## Exercise inputs

------------------------------------------------------------

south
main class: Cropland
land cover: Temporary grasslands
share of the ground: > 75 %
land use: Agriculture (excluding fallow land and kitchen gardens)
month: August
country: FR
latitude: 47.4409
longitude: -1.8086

------------------------------------------------------------

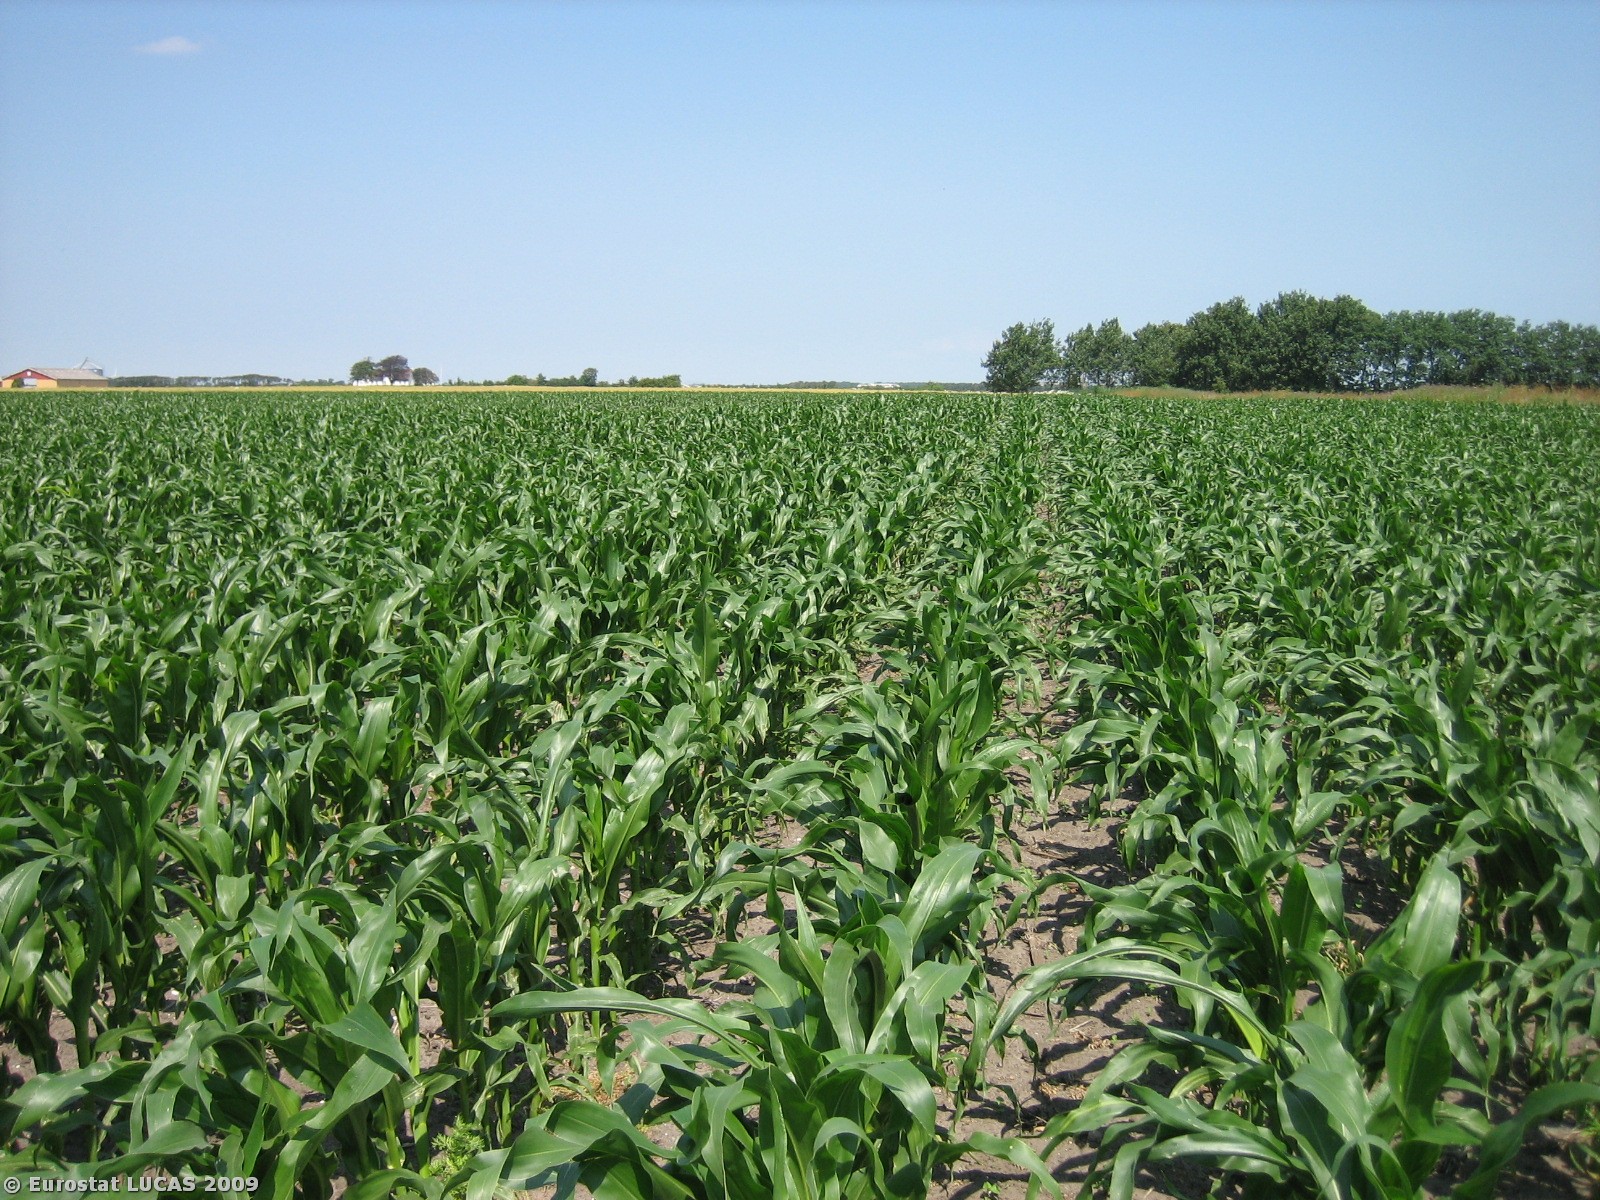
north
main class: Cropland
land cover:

------------------------------------------------------------

## Work to complete
From the records above, retype only the lines starting at the line that contains "share of the ground: > 75 %" and ending at the line that contains "longitude: -1.8086", both included.

## Exercise answer
share of the ground: > 75 %
land use: Agriculture (excluding fallow land and kitchen gardens)
month: August
country: FR
latitude: 47.4409
longitude: -1.8086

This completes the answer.